The financial world is full of headline figures that put our everyday spending habits, mistakes and opportunities into pounds and pence – how cutting out that takeaway coffee everyday could save you enough for a fourth-hand Bugatti Veyron in a couple of thousand years, you know the kind of thing.
Some of the stats are laughable, others tragic. But nowhere else are they as disconcerting for the old bank balance as they are at Christmas.
In fact, we’ll spend an average of almost £54,000 each on Christmas over the course of our lives, with one in three relying on credit cards to do it this year, amounting to almost £11bn of spending.
Here’s a round-up of just how much you have or will fork out in the space of a few frantic festive weeks celebrating Christmas 2016.
Food and drink
The average household expects to spend £174 on food and drink for 25 December alone, covering all the must-haves including the turkey (£22.50 per person) and the sprouts nobody likes at £11.60 per big day (or a staggering £713 over an adult lifetime), according to data from Coople and Quidco combined. Setting out the sherry, a box of mince pies and a bag of carrots for Father Christmas and his entourage will add another £12 to the bill.
And then there’s the at-home booze to consider. Last year, Sainsbury’s shoppers alone spent £5,000 every minute on sparkling wine on the busiest trading day for food – the 23rd December. That day they also spent £1m on gin – four times more than they had just 10 days earlier.
Overall, each adult will spend more than £45 each on beers, wines and spirits for their own consumption just at home. Add in the work’s Christmas dinner with all the trimmings at the pub, plus a few drinks and that’s another £72, (it’s still £50 even if you’re the designated driver.)
It’s little wonder the British Heart Foundation warns that Brits will collectively put on over 19.5m stone by New Year, the equivalent of 9,874 London double decker buses.
Parties and transport
Forgetting the booze and food, the average Christmas party outfit will set you back around £66 and even getting home could cost more than you bargained for.
More than one in ten of us have fallen asleep on public transport after their Christmas party (rising to a quarter of Londoners) says insurer Back Me Up, and they’ll lose an average of £101 worth of items as a result of over-indulging adds insurance broker Towergate.
Meanwhile, the average family car will travel 608 miles over the festive period, demanding an extra 1.5 tanks of fuel, according to Click Mechanic.
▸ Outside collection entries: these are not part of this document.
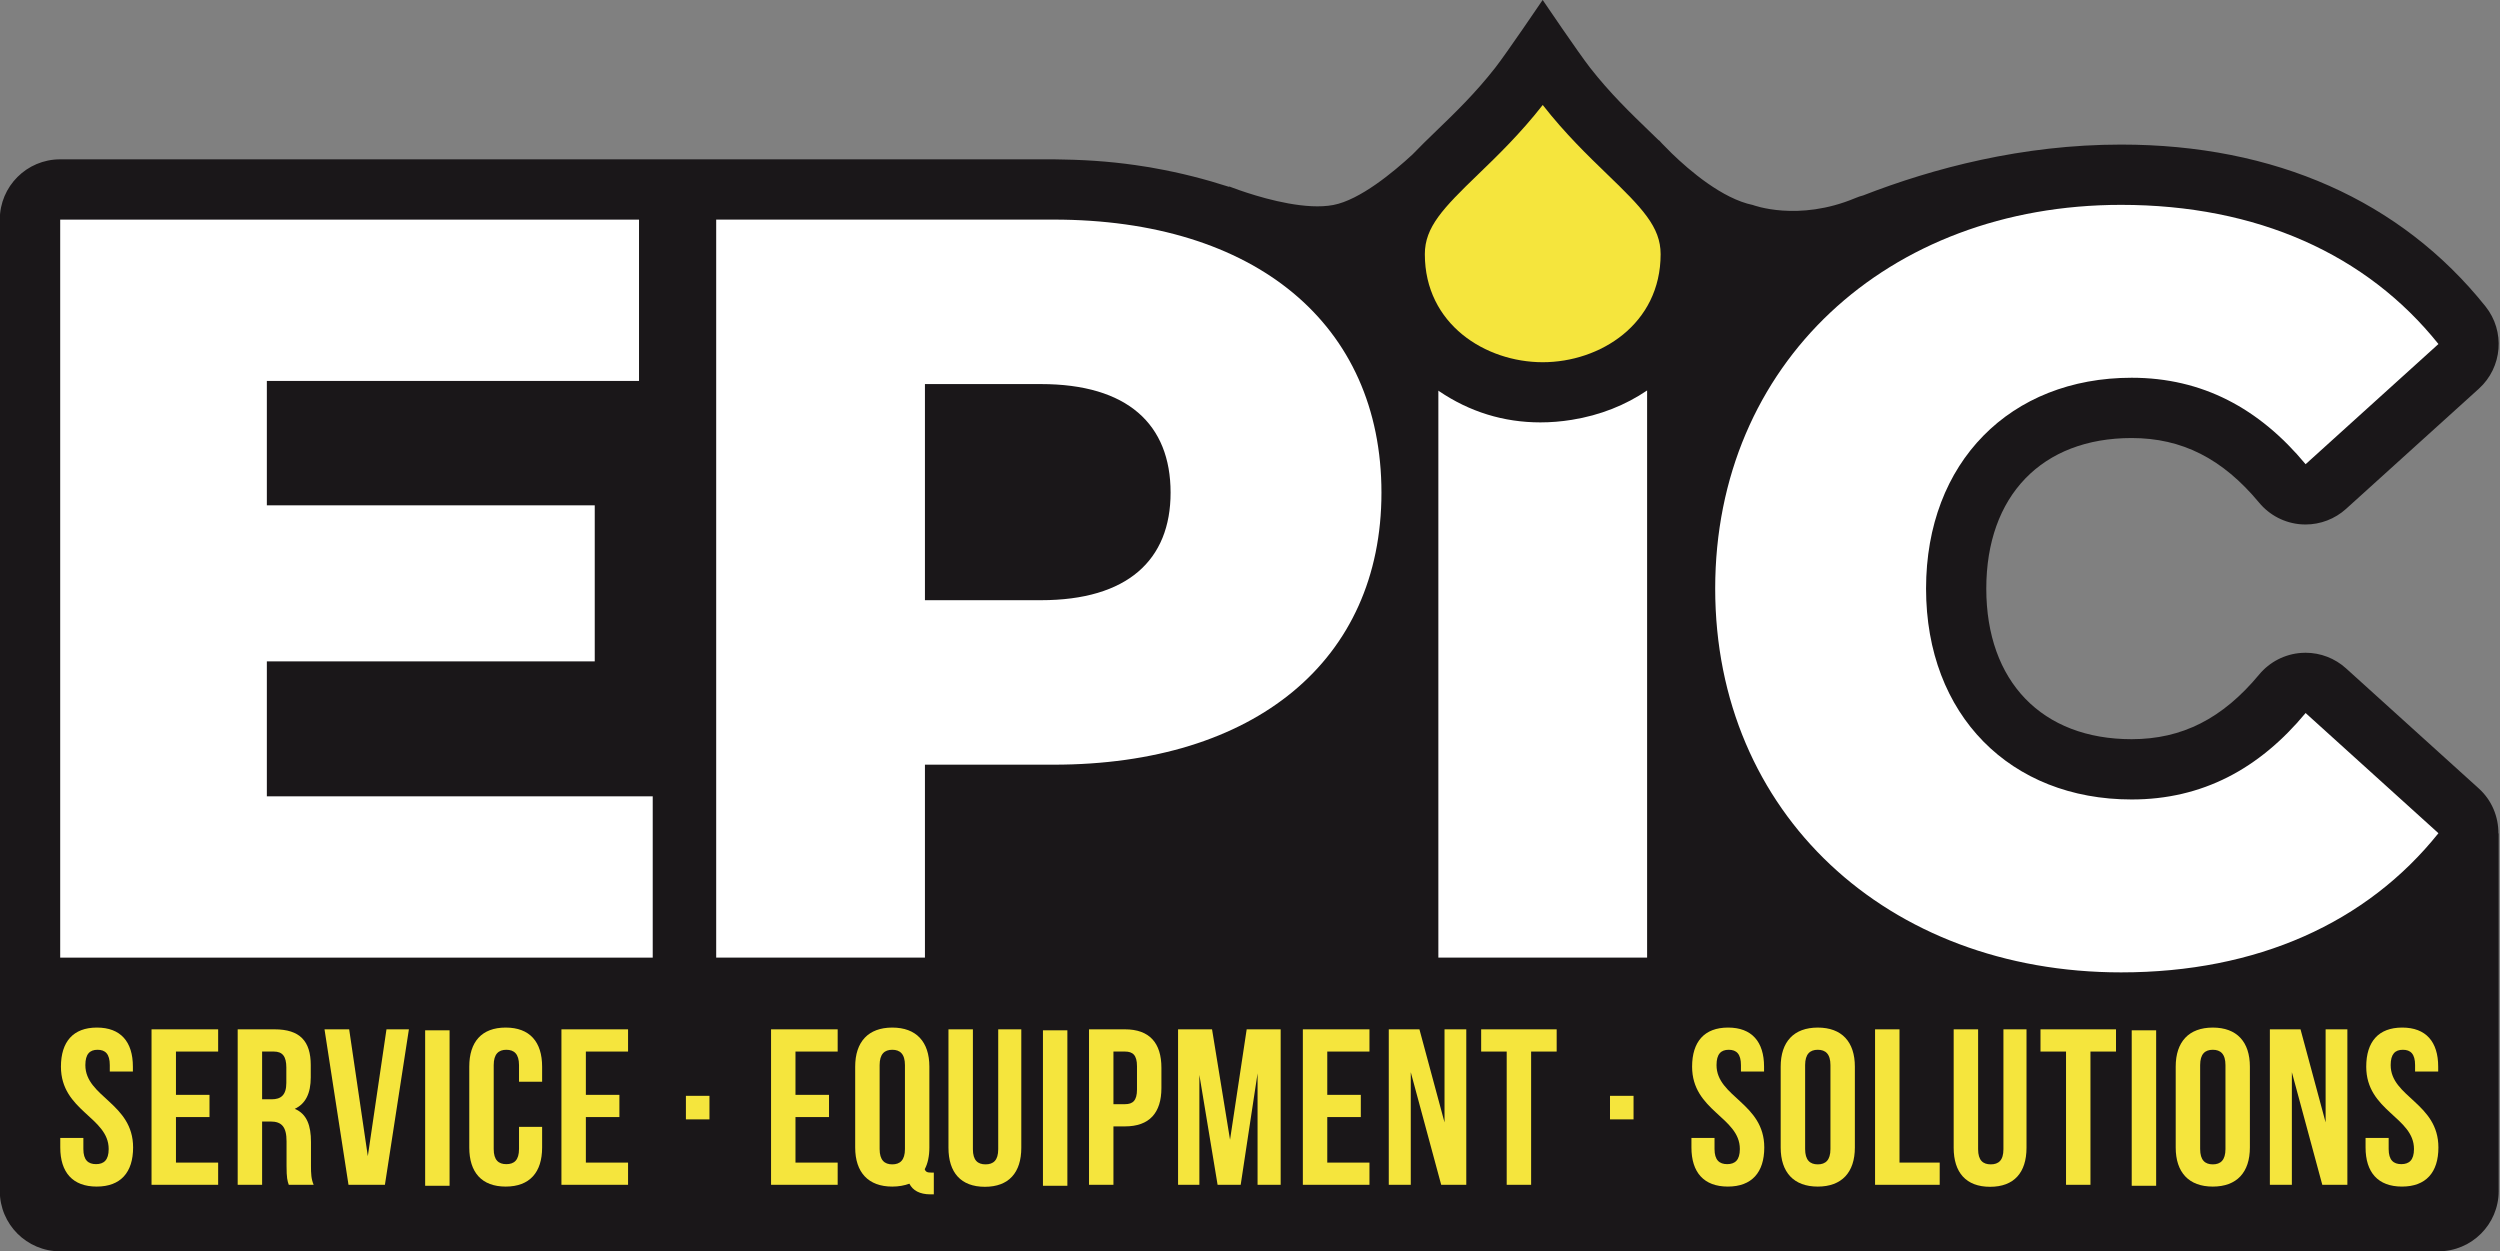 <?xml version="1.0" encoding="UTF-8" standalone="no"?>
<!DOCTYPE svg PUBLIC "-//W3C//DTD SVG 1.1//EN" "http://www.w3.org/Graphics/SVG/1.1/DTD/svg11.dtd">
<svg width="100%" height="100%" viewBox="0 0 871 436" version="1.1" xmlns="http://www.w3.org/2000/svg" xmlns:xlink="http://www.w3.org/1999/xlink" xml:space="preserve" xmlns:serif="http://www.serif.com/" style="fill-rule:evenodd;clip-rule:evenodd;stroke-linejoin:round;stroke-miterlimit:2;">
    <rect x="0" y="0" width="871" height="436" fill="#808080" stroke="none"/>
    <g transform="matrix(4.167,0,0,4.167,870.45,145.558)">
        <path d="M0,34.756C0.006,33.371 -0.536,31.993 -1.637,30.996L-12.743,20.948C-13.673,20.107 -14.88,19.645 -16.125,19.645C-16.244,19.645 -16.364,19.649 -16.483,19.658C-17.854,19.755 -19.125,20.409 -20.003,21.465C-23.065,25.155 -26.455,26.872 -30.67,26.872C-38.164,26.872 -42.819,22.048 -42.819,14.283C-42.819,6.517 -38.164,1.693 -30.67,1.693C-26.456,1.693 -23.066,3.412 -20.003,7.101C-19.125,8.158 -17.854,8.811 -16.483,8.909C-16.363,8.917 -16.244,8.921 -16.125,8.921C-14.88,8.921 -13.673,8.459 -12.743,7.619L-1.637,-2.43C0.339,-4.218 0.582,-7.235 -1.083,-9.316C-8.162,-18.164 -18.697,-22.842 -31.549,-22.843C-39.81,-22.843 -47.263,-20.869 -53.119,-18.59C-53.313,-18.542 -53.527,-18.471 -53.765,-18.371C-58.569,-16.357 -62.333,-17.791 -62.333,-17.791C-64.882,-18.313 -67.633,-20.672 -69.112,-22.105C-69.377,-22.379 -69.647,-22.652 -69.922,-22.924C-70.096,-23.108 -70.2,-23.224 -70.2,-23.224L-70.19,-23.186C-70.463,-23.452 -70.738,-23.719 -71.016,-23.987C-72.547,-25.464 -74.281,-27.138 -75.94,-29.259C-76.895,-30.481 -79.91,-34.934 -79.91,-34.934C-79.91,-34.934 -82.926,-30.481 -83.881,-29.259C-85.539,-27.138 -87.273,-25.464 -88.805,-23.987C-89.486,-23.33 -90.156,-22.68 -90.791,-22.018C-92.378,-20.55 -95.191,-18.211 -97.419,-17.791C-99.634,-17.372 -102.802,-18.22 -104.639,-18.819C-104.843,-18.892 -105.056,-18.958 -105.264,-19.029C-105.789,-19.213 -106.11,-19.341 -106.11,-19.341L-106.123,-19.308C-108.087,-19.938 -110.168,-20.483 -112.395,-20.875C-112.519,-20.897 -112.64,-20.922 -112.765,-20.944C-112.899,-20.966 -113.036,-20.984 -113.171,-21.006C-115.33,-21.358 -117.605,-21.555 -119.984,-21.593C-120.259,-21.597 -120.528,-21.61 -120.806,-21.61L-120.806,-21.609L-203.868,-21.609C-206.651,-21.609 -208.908,-19.353 -208.908,-16.569L-208.908,64.65C-208.908,67.433 -206.651,69.69 -203.868,69.69L-5.018,69.69C-2.235,69.69 0.022,67.433 0.022,64.65L0.022,34.756L0,34.756Z" style="fill:rgb(26,23,25);fill-rule:nonzero;"/>
    </g>
    <g transform="matrix(4.167,0,0,4.167,33.765,413.404)">
        <path d="M0,-13.295C1.987,-13.295 3.008,-12.107 3.008,-10.027L3.008,-9.619L1.076,-9.619L1.076,-10.157C1.076,-11.085 0.705,-11.438 0.055,-11.438C-0.594,-11.438 -0.966,-11.085 -0.966,-10.157C-0.966,-7.483 3.026,-6.982 3.026,-3.269C3.026,-1.188 1.987,0 -0.019,0C-2.025,0 -3.064,-1.188 -3.064,-3.269L-3.064,-4.067L-1.133,-4.067L-1.133,-3.139C-1.133,-2.21 -0.724,-1.876 -0.074,-1.876C0.575,-1.876 0.984,-2.21 0.984,-3.139C0.984,-5.813 -3.008,-6.314 -3.008,-10.027C-3.008,-12.107 -1.987,-13.295 0,-13.295" style="fill:rgb(245,229,61);fill-rule:nonzero;"/>
    </g>
    <g transform="matrix(4.167,0,0,4.167,61.303,389.957)">
        <path d="M0,-2.042L2.804,-2.042L2.804,-0.185L0,-0.185L0,3.622L3.528,3.622L3.528,5.478L-2.042,5.478L-2.042,-7.52L3.528,-7.52L3.528,-5.662L0,-5.662L0,-2.042Z" style="fill:rgb(245,229,61);fill-rule:nonzero;"/>
    </g>
    <g transform="matrix(4.167,0,0,4.167,91.32,405.04)">
        <path d="M0,-9.282L0,-5.291L0.799,-5.291C1.56,-5.291 2.025,-5.625 2.025,-6.664L2.025,-7.946C2.025,-8.874 1.708,-9.282 0.984,-9.282L0,-9.282ZM2.229,1.858C2.118,1.524 2.043,1.32 2.043,0.262L2.043,-1.781C2.043,-2.988 1.634,-3.433 0.706,-3.433L0,-3.433L0,1.858L-2.042,1.858L-2.042,-11.14L1.04,-11.14C3.157,-11.14 4.067,-10.155 4.067,-8.15L4.067,-7.128C4.067,-5.792 3.64,-4.919 2.73,-4.492C3.751,-4.064 4.085,-3.081 4.085,-1.726L4.085,0.28C4.085,0.911 4.104,1.375 4.308,1.858L2.229,1.858Z" style="fill:rgb(245,229,61);fill-rule:nonzero;"/>
    </g>
    <g transform="matrix(4.167,0,0,4.167,128.148,368.61)">
        <path d="M0,8.206L1.56,-2.396L3.435,-2.396L1.429,10.602L-1.615,10.602L-3.621,-2.396L-1.559,-2.396L0,8.206Z" style="fill:rgb(245,229,61);fill-rule:nonzero;"/>
    </g>
    <g transform="matrix(4.167,0,0,4.167,-2024.73,-3824.29)">
        <rect x="521.443" y="1003.9" width="2.042" height="12.998" style="fill:rgb(245,229,61);"/>
    </g>
    <g transform="matrix(4.167,0,0,4.167,188.875,378.819)">
        <path d="M0,3.305L0,5.032C0,7.112 -1.04,8.3 -3.045,8.3C-5.05,8.3 -6.091,7.112 -6.091,5.032L-6.091,-1.727C-6.091,-3.806 -5.05,-4.995 -3.045,-4.995C-1.04,-4.995 0,-3.806 0,-1.727L0,-0.464L-1.932,-0.464L-1.932,-1.857C-1.932,-2.785 -2.34,-3.138 -2.99,-3.138C-3.639,-3.138 -4.048,-2.785 -4.048,-1.857L-4.048,5.162C-4.048,6.091 -3.639,6.425 -2.99,6.425C-2.34,6.425 -1.932,6.091 -1.932,5.162L-1.932,3.305L0,3.305Z" style="fill:rgb(245,229,61);fill-rule:nonzero;"/>
    </g>
    <g transform="matrix(4.167,0,0,4.167,204.113,389.957)">
        <path d="M0,-2.042L2.804,-2.042L2.804,-0.185L0,-0.185L0,3.622L3.528,3.622L3.528,5.478L-2.042,5.478L-2.042,-7.52L3.528,-7.52L3.528,-5.662L0,-5.662L0,-2.042Z" style="fill:rgb(245,229,61);fill-rule:nonzero;"/>
    </g>
    <g transform="matrix(-4.167,0,0,4.167,2511.24,-3824.59)">
        <rect x="543.332" y="1009.45" width="1.969" height="1.969" style="fill:rgb(245,229,61);"/>
    </g>
    <g transform="matrix(4.167,0,0,4.167,277.144,389.957)">
        <path d="M0,-2.042L2.804,-2.042L2.804,-0.185L0,-0.185L0,3.622L3.528,3.622L3.528,5.478L-2.042,5.478L-2.042,-7.52L3.528,-7.52L3.528,-5.662L0,-5.662L0,-2.042Z" style="fill:rgb(245,229,61);fill-rule:nonzero;"/>
    </g>
    <g transform="matrix(4.167,0,0,4.167,306.461,373.792)">
        <path d="M0,6.368C0,7.297 0.409,7.649 1.058,7.649C1.708,7.649 2.117,7.297 2.117,6.368L2.117,-0.65C2.117,-1.578 1.708,-1.932 1.058,-1.932C0.409,-1.932 0,-1.578 0,-0.65L0,6.368ZM-2.043,-0.52C-2.043,-2.6 -0.946,-3.788 1.058,-3.788C3.064,-3.788 4.159,-2.6 4.159,-0.52L4.159,6.238C4.159,6.962 4.029,7.575 3.77,8.058C3.862,8.3 4.011,8.337 4.345,8.337L4.531,8.337L4.531,10.156L4.252,10.156C3.343,10.156 2.767,9.822 2.489,9.265C2.08,9.414 1.597,9.507 1.058,9.507C-0.946,9.507 -2.043,8.319 -2.043,6.238L-2.043,-0.52Z" style="fill:rgb(245,229,61);fill-rule:nonzero;"/>
    </g>
    <g transform="matrix(4.167,0,0,4.167,338.958,413.48)">
        <path d="M0,-13.165L0,-3.138C0,-2.21 0.408,-1.876 1.058,-1.876C1.708,-1.876 2.117,-2.21 2.117,-3.138L2.117,-13.165L4.047,-13.165L4.047,-3.268C4.047,-1.188 3.008,0 1.002,0C-1.003,0 -2.043,-1.188 -2.043,-3.268L-2.043,-13.165L0,-13.165Z" style="fill:rgb(245,229,61);fill-rule:nonzero;"/>
    </g>
    <g transform="matrix(4.167,0,0,4.167,-2024.73,-3824.29)">
        <rect x="573.097" y="1003.9" width="2.042" height="12.998" style="fill:rgb(245,229,61);"/>
    </g>
    <g transform="matrix(4.167,0,0,4.167,387.923,405.04)">
        <path d="M0,-9.282L0,-4.882L0.966,-4.882C1.615,-4.882 1.969,-5.179 1.969,-6.107L1.969,-8.057C1.969,-8.986 1.615,-9.282 0.966,-9.282L0,-9.282ZM4.011,-7.927L4.011,-6.237C4.011,-4.157 3.009,-3.025 0.966,-3.025L0,-3.025L0,1.858L-2.043,1.858L-2.043,-11.14L0.966,-11.14C3.009,-11.14 4.011,-10.006 4.011,-7.927" style="fill:rgb(245,229,61);fill-rule:nonzero;"/>
    </g>
    <g transform="matrix(4.167,0,0,4.167,428.544,374.328)">
        <path d="M0,5.46L1.392,-3.769L4.233,-3.769L4.233,9.229L2.302,9.229L2.302,-0.092L0.891,9.229L-1.04,9.229L-2.563,0.038L-2.563,9.229L-4.345,9.229L-4.345,-3.769L-1.504,-3.769L0,5.46Z" style="fill:rgb(245,229,61);fill-rule:nonzero;"/>
    </g>
    <g transform="matrix(4.167,0,0,4.167,462.421,389.957)">
        <path d="M0,-2.042L2.804,-2.042L2.804,-0.185L0,-0.185L0,3.622L3.528,3.622L3.528,5.478L-2.042,5.478L-2.042,-7.52L3.528,-7.52L3.528,-5.662L0,-5.662L0,-2.042Z" style="fill:rgb(245,229,61);fill-rule:nonzero;"/>
    </g>
    <g transform="matrix(4.167,0,0,4.167,491.513,397.85)">
        <path d="M0,-5.83L0,3.584L-1.839,3.584L-1.839,-9.414L0.724,-9.414L2.822,-1.634L2.822,-9.414L4.641,-9.414L4.641,3.584L2.544,3.584L0,-5.83Z" style="fill:rgb(245,229,61);fill-rule:nonzero;"/>
    </g>
    <g transform="matrix(4.167,0,0,4.167,516.037,412.784)">
        <path d="M0,-12.998L6.313,-12.998L6.313,-11.14L4.177,-11.14L4.177,0L2.135,0L2.135,-11.14L0,-11.14L0,-12.998Z" style="fill:rgb(245,229,61);fill-rule:nonzero;"/>
    </g>
    <g transform="matrix(-4.167,0,0,4.167,3155.2,-3824.59)">
        <rect x="620.608" y="1009.45" width="1.968" height="1.969" style="fill:rgb(245,229,61);"/>
    </g>
    <g transform="matrix(4.167,0,0,4.167,602.063,413.404)">
        <path d="M0,-13.295C1.987,-13.295 3.008,-12.107 3.008,-10.027L3.008,-9.619L1.076,-9.619L1.076,-10.157C1.076,-11.085 0.705,-11.438 0.055,-11.438C-0.594,-11.438 -0.966,-11.085 -0.966,-10.157C-0.966,-7.483 3.026,-6.982 3.026,-3.269C3.026,-1.188 1.987,0 -0.019,0C-2.025,0 -3.064,-1.188 -3.064,-3.269L-3.064,-4.067L-1.133,-4.067L-1.133,-3.139C-1.133,-2.21 -0.724,-1.876 -0.074,-1.876C0.575,-1.876 0.984,-2.21 0.984,-3.139C0.984,-5.813 -3.008,-6.314 -3.008,-10.027C-3.008,-12.107 -1.987,-13.295 0,-13.295" style="fill:rgb(245,229,61);fill-rule:nonzero;"/>
    </g>
    <g transform="matrix(4.167,0,0,4.167,628.905,371.088)">
        <path d="M0,7.017C0,7.946 0.409,8.298 1.058,8.298C1.708,8.298 2.117,7.946 2.117,7.017L2.117,-0.001C2.117,-0.929 1.708,-1.283 1.058,-1.283C0.409,-1.283 0,-0.929 0,-0.001L0,7.017ZM-2.043,0.129C-2.043,-1.951 -0.946,-3.139 1.058,-3.139C3.064,-3.139 4.159,-1.951 4.159,0.129L4.159,6.887C4.159,8.968 3.064,10.156 1.058,10.156C-0.946,10.156 -2.043,8.968 -2.043,6.887L-2.043,0.129Z" style="fill:rgb(245,229,61);fill-rule:nonzero;"/>
    </g>
    <g transform="matrix(4.167,0,0,4.167,653.271,412.784)">
        <path d="M0,-12.998L2.043,-12.998L2.043,-1.857L5.404,-1.857L5.404,0L0,0L0,-12.998Z" style="fill:rgb(245,229,61);fill-rule:nonzero;"/>
    </g>
    <g transform="matrix(4.167,0,0,4.167,689.173,413.48)">
        <path d="M0,-13.165L0,-3.138C0,-2.21 0.408,-1.876 1.058,-1.876C1.708,-1.876 2.117,-2.21 2.117,-3.138L2.117,-13.165L4.047,-13.165L4.047,-3.268C4.047,-1.188 3.008,0 1.002,0C-1.003,0 -2.043,-1.188 -2.043,-3.268L-2.043,-13.165L0,-13.165Z" style="fill:rgb(245,229,61);fill-rule:nonzero;"/>
    </g>
    <g transform="matrix(4.167,0,0,4.167,710.909,412.784)">
        <path d="M0,-12.998L6.313,-12.998L6.313,-11.14L4.177,-11.14L4.177,0L2.135,0L2.135,-11.14L0,-11.14L0,-12.998Z" style="fill:rgb(245,229,61);fill-rule:nonzero;"/>
    </g>
    <g transform="matrix(4.167,0,0,4.167,-2024.73,-3824.29)">
        <rect x="664.128" y="1003.9" width="2.043" height="12.998" style="fill:rgb(245,229,61);"/>
    </g>
    <g transform="matrix(4.167,0,0,4.167,766.53,371.088)">
        <path d="M0,7.017C0,7.946 0.409,8.298 1.058,8.298C1.708,8.298 2.117,7.946 2.117,7.017L2.117,-0.001C2.117,-0.929 1.708,-1.283 1.058,-1.283C0.409,-1.283 0,-0.929 0,-0.001L0,7.017ZM-2.043,0.129C-2.043,-1.951 -0.946,-3.139 1.058,-3.139C3.064,-3.139 4.159,-1.951 4.159,0.129L4.159,6.887C4.159,8.968 3.064,10.156 1.058,10.156C-0.946,10.156 -2.043,8.968 -2.043,6.887L-2.043,0.129Z" style="fill:rgb(245,229,61);fill-rule:nonzero;"/>
    </g>
    <g transform="matrix(4.167,0,0,4.167,798.486,397.85)">
        <path d="M0,-5.83L0,3.584L-1.839,3.584L-1.839,-9.414L0.724,-9.414L2.822,-1.634L2.822,-9.414L4.641,-9.414L4.641,3.584L2.544,3.584L0,-5.83Z" style="fill:rgb(245,229,61);fill-rule:nonzero;"/>
    </g>
    <g transform="matrix(4.167,0,0,4.167,836.931,413.404)">
        <path d="M0,-13.295C1.987,-13.295 3.008,-12.107 3.008,-10.027L3.008,-9.619L1.076,-9.619L1.076,-10.157C1.076,-11.085 0.705,-11.438 0.055,-11.438C-0.594,-11.438 -0.965,-11.085 -0.965,-10.157C-0.965,-7.483 3.026,-6.982 3.026,-3.269C3.026,-1.188 1.987,0 -0.019,0C-2.025,0 -3.064,-1.188 -3.064,-3.269L-3.064,-4.067L-1.133,-4.067L-1.133,-3.139C-1.133,-2.21 -0.724,-1.876 -0.075,-1.876C0.575,-1.876 0.984,-2.21 0.984,-3.139C0.984,-5.813 -3.008,-6.314 -3.008,-10.027C-3.008,-12.107 -1.987,-13.295 0,-13.295" style="fill:rgb(245,229,61);fill-rule:nonzero;"/>
    </g>
    <g transform="matrix(4.167,0,0,4.167,227.408,132.713)">
        <path d="M0,34.732L0,48.218L-49.54,48.218L-49.54,-13.486L-1.146,-13.486L-1.146,0.001L-32.263,0.001L-32.263,10.402L-4.848,10.402L-4.848,23.449L-32.263,23.449L-32.263,34.732L0,34.732Z" style="fill:white;fill-rule:nonzero;"/>
    </g>
    <g transform="matrix(4.167,0,0,4.167,407.834,238.495)">
        <path d="M0,-16.043C0,-21.772 -3.614,-25.122 -10.843,-25.122L-20.539,-25.123L-20.539,-7.051L-10.843,-7.052C-3.614,-7.052 0,-10.401 0,-16.043M17.63,-16.043C17.63,-2.027 7.052,6.7 -9.784,6.7L-20.539,6.7L-20.539,22.831L-37.992,22.831L-37.992,-38.874L-9.784,-38.874C7.052,-38.874 17.63,-30.146 17.63,-16.043" style="fill:white;fill-rule:nonzero;"/>
    </g>
    <g transform="matrix(4.167,0,0,4.167,547.616,323.388)">
        <path d="M0,-42.505C-0.879,-42.363 -1.763,-42.291 -2.624,-42.291C-5.694,-42.291 -8.547,-43.171 -11.103,-44.906C-11.122,-44.919 -11.138,-44.934 -11.157,-44.947L-11.157,2.456L6.296,2.456L6.296,-44.961C4.496,-43.741 2.39,-42.89 0,-42.505" style="fill:white;fill-rule:nonzero;"/>
    </g>
    <g transform="matrix(4.167,0,0,4.167,597.574,205.08)">
        <path d="M0,-0.002C0,-18.777 14.368,-32.087 33.937,-32.087C45.309,-32.087 54.476,-27.945 60.47,-20.452L49.364,-10.403C45.485,-15.075 40.725,-17.632 34.819,-17.632C24.681,-17.632 17.63,-10.58 17.63,-0.002C17.63,10.576 24.681,17.628 34.819,17.628C40.725,17.628 45.485,15.072 49.364,10.4L60.47,20.449C54.476,27.941 45.309,32.085 33.937,32.085C14.368,32.085 0,18.774 0,-0.002" style="fill:white;fill-rule:nonzero;"/>
    </g>
    <g transform="matrix(4.167,0,0,4.167,537.487,36.576)">
        <path d="M0,21.507C-4.778,21.507 -9.857,18.34 -9.857,12.471C-9.857,10.205 -8.327,8.624 -5.394,5.795C-3.811,4.266 -1.873,2.397 0,0C1.873,2.397 3.811,4.266 5.394,5.795C8.327,8.624 9.857,10.205 9.857,12.471C9.857,18.34 4.778,21.507 0,21.507" style="fill:rgb(245,229,61);fill-rule:nonzero;"/>
    </g>
</svg>

Plus there's the 1.3m Brits attempting to escape the madness by heading away for the festive period who will collectively spend £1.03bn – around £760 per person – by going overseas says Direct Line.
And all that’s before we even start on the main focal point of our spending. Almost half of us will overspend in the pursuit of the perfect Christmas for family and friends says TSB, with a third borrowing to meet the season’s costs. Almost one in ten would rather get into debt than consider reducing our festive spend, the bank says.
Nor are adults aren’t the only ones feeling the pressure to buy. Sadly, despite having an average budget of £37 to buy their friends and family Christmas presents even children as young as 7 are overspending by an average of £20 on festive treats, according to NatWest.
Their parents will splash out £71 on each child's Christmas stocking alone, peaking at £119 for the average 15-year-old, says Netmums and Barclaycard, with more gifts under the tree.
Last minute dashes to the shops in the days before 25 December alone will set the average Brit back £66, or £1.5bn, says Amex. And yet when the turkey has been gobbled, the last cracker pulled and the Sinatra loop silenced, we’ll return £355m worth of unwanted presents, says Gocompare.com.
All in all, with different surveys suggesting the total cost could be anywhere between £750 and more than £1,500 per adult, perhaps the most compelling stat is that more than 11 million of us could still be paying off last Christmas by the time this year's big day rolls around once more.